Only an exact repetition of the lines from the one holding "(00:00:05.000)" to the end of the data is wanted, with pictures left out.

- Information provided:
--- START ---

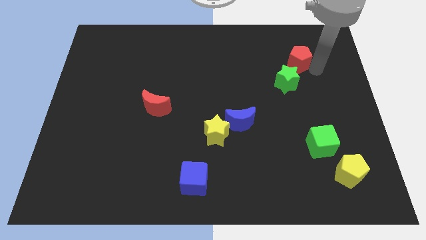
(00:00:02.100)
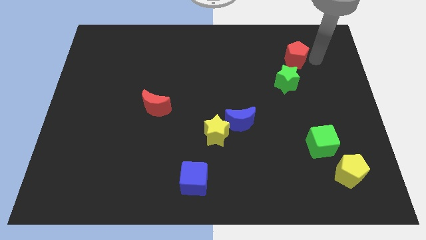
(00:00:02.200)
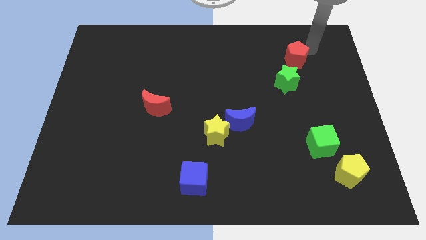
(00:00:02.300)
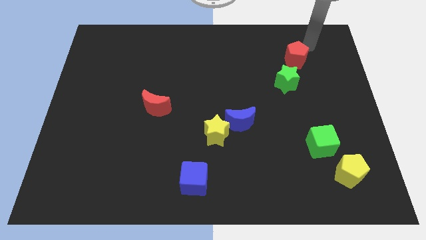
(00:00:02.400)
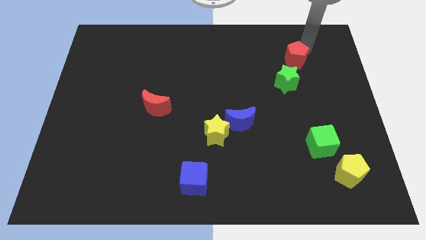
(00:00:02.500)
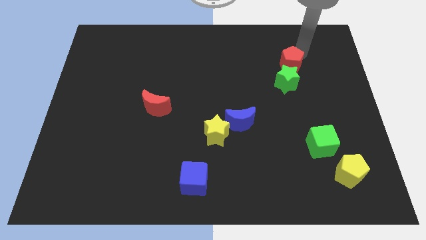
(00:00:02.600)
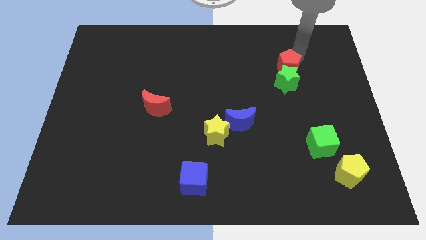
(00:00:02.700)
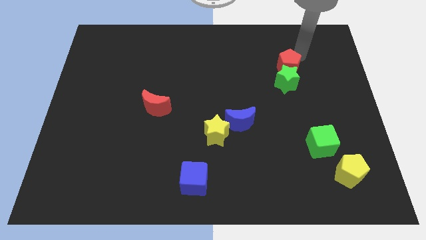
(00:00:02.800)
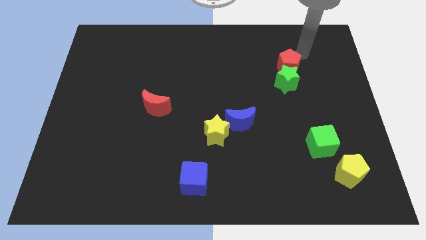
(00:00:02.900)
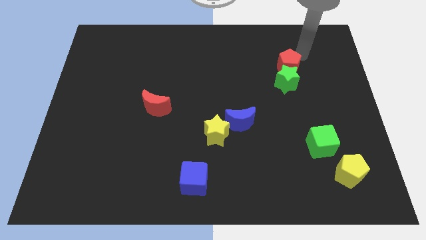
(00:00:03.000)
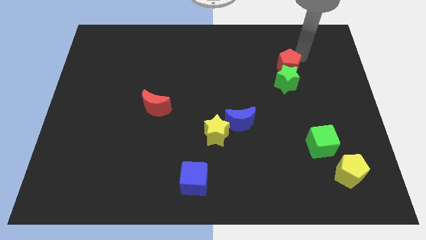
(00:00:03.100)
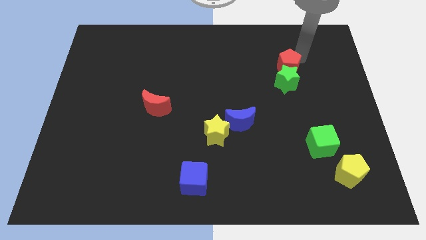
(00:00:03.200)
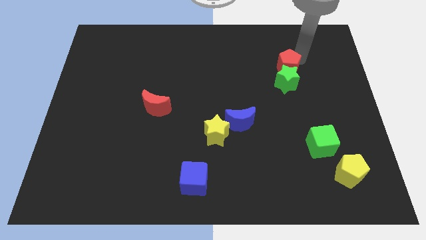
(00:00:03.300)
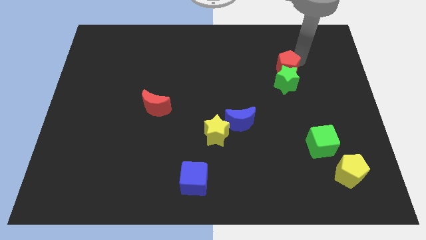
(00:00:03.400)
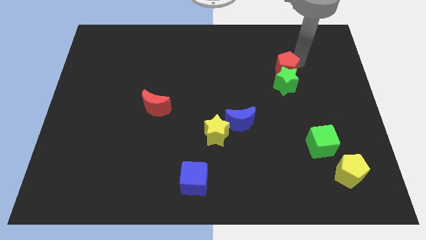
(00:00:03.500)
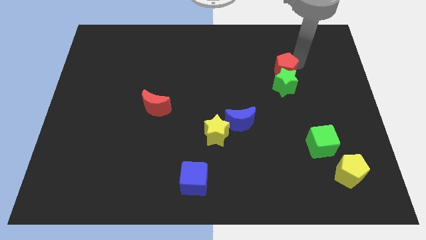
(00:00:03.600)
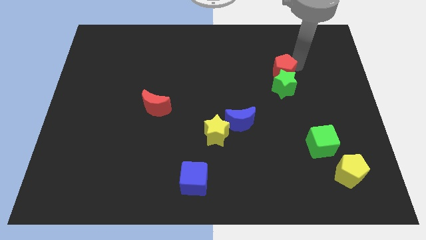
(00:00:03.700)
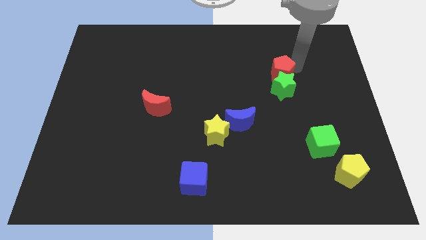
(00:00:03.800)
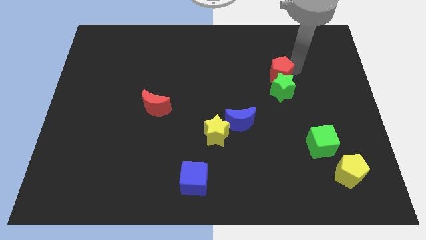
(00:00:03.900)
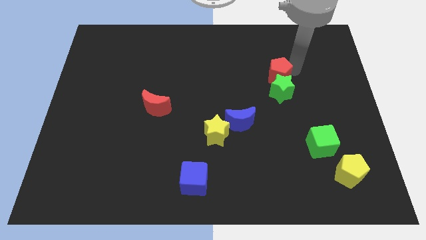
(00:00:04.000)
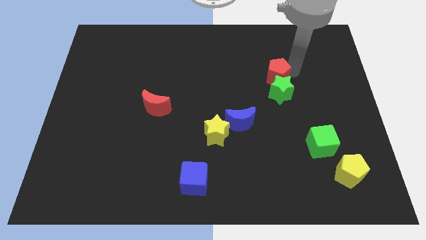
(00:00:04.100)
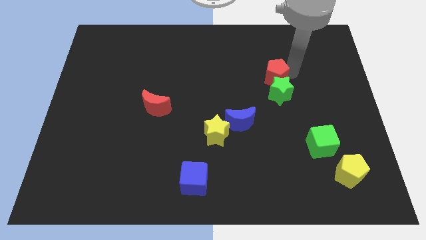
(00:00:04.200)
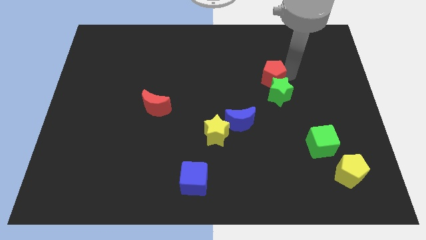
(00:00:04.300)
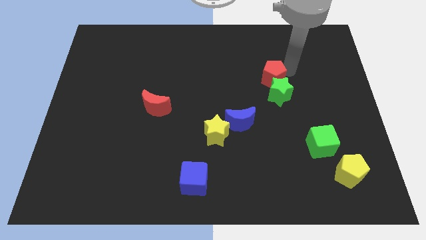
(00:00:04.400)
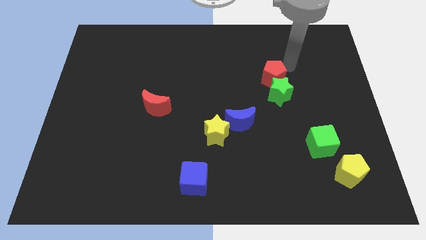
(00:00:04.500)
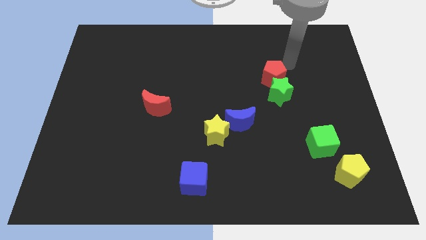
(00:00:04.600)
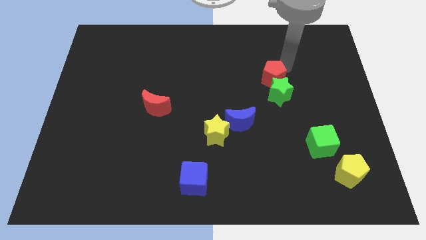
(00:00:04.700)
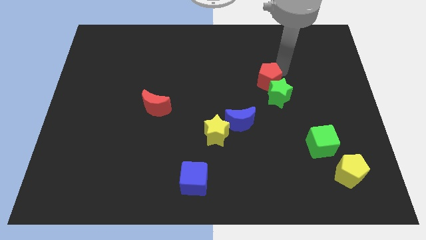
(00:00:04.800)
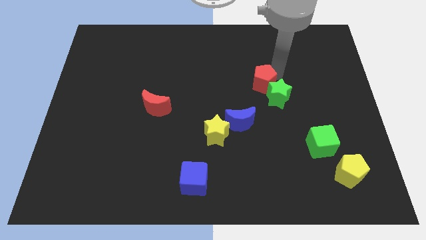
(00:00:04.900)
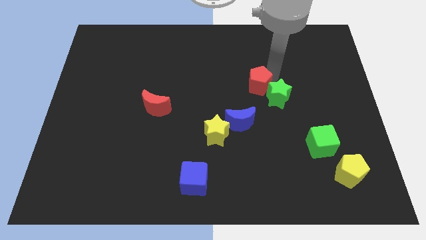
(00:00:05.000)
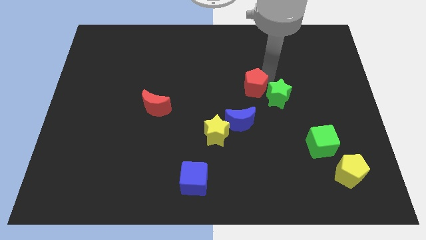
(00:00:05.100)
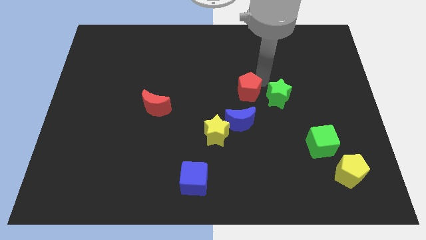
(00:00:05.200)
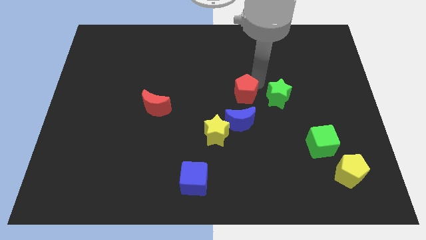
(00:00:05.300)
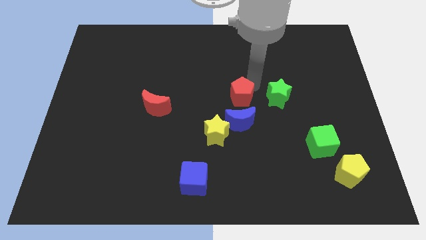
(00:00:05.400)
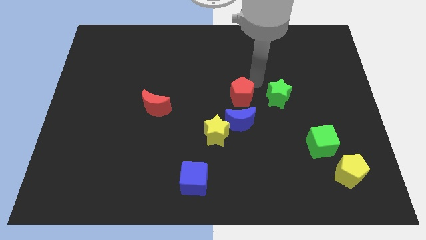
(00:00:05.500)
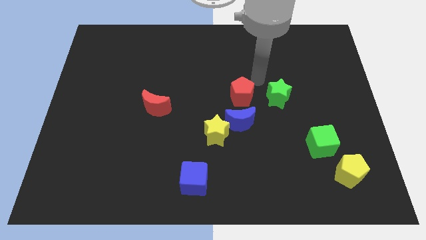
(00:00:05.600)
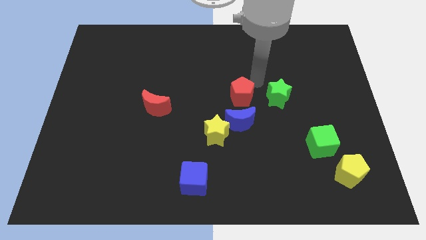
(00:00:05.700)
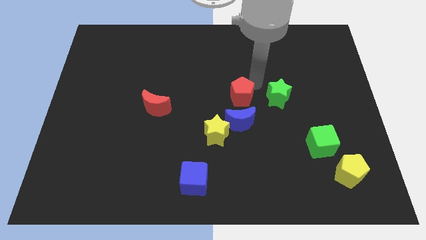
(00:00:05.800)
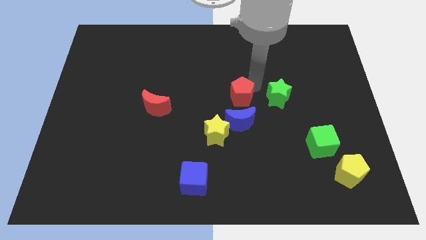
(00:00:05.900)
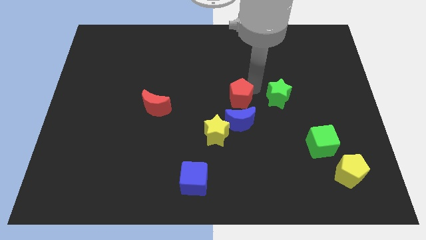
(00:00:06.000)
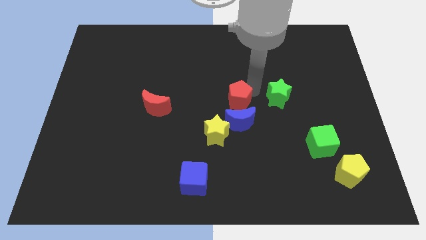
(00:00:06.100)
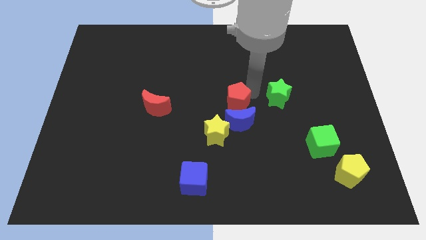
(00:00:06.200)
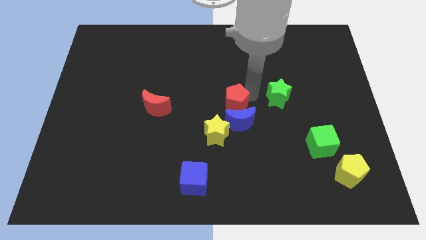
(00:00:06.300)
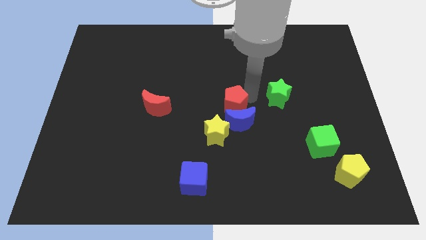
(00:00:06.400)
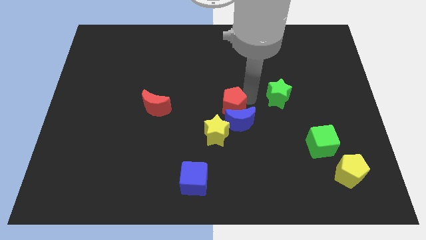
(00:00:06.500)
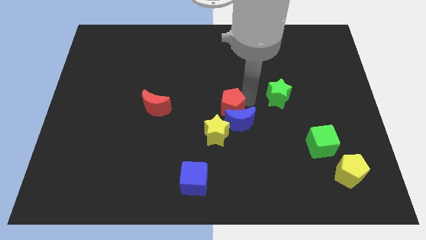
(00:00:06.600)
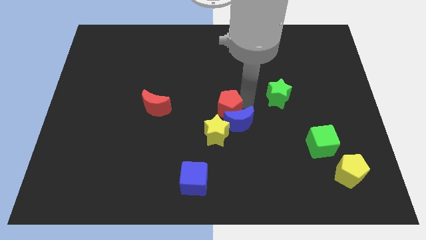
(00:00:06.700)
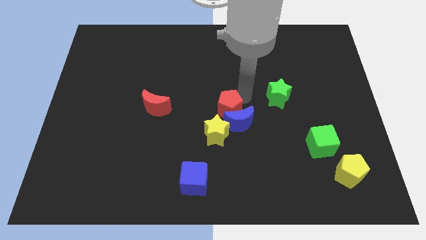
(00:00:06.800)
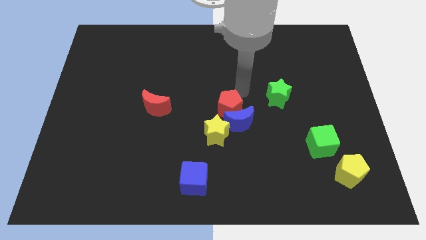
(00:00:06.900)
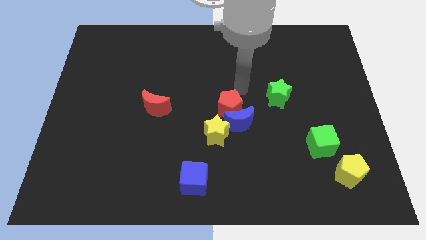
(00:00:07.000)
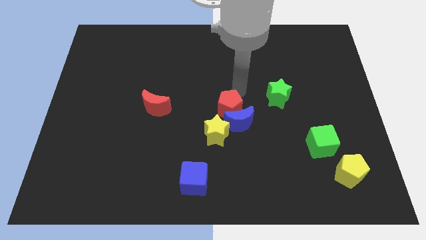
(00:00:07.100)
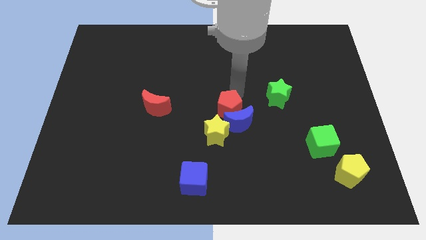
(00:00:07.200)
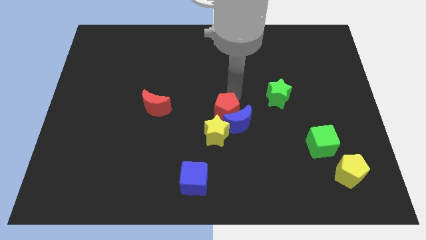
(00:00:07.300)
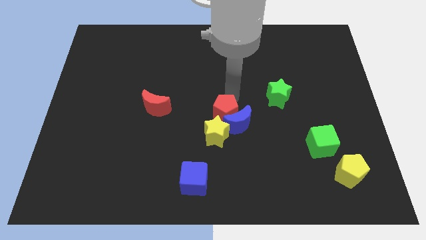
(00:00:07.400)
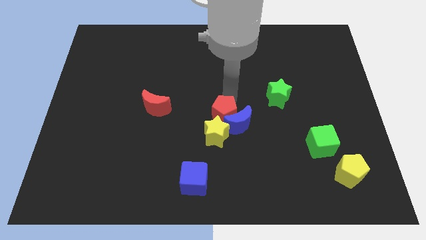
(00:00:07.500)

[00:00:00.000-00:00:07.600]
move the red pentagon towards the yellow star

--- END ---

- Reply to the exercise:
(00:00:05.000)
(00:00:05.100)
(00:00:05.200)
(00:00:05.300)
(00:00:05.400)
(00:00:05.500)
(00:00:05.600)
(00:00:05.700)
(00:00:05.800)
(00:00:05.900)
(00:00:06.000)
(00:00:06.100)
(00:00:06.200)
(00:00:06.300)
(00:00:06.400)
(00:00:06.500)
(00:00:06.600)
(00:00:06.700)
(00:00:06.800)
(00:00:06.900)
(00:00:07.000)
(00:00:07.100)
(00:00:07.200)
(00:00:07.300)
(00:00:07.400)
(00:00:07.500)

[00:00:00.000-00:00:07.600]
move the red pentagon towards the yellow star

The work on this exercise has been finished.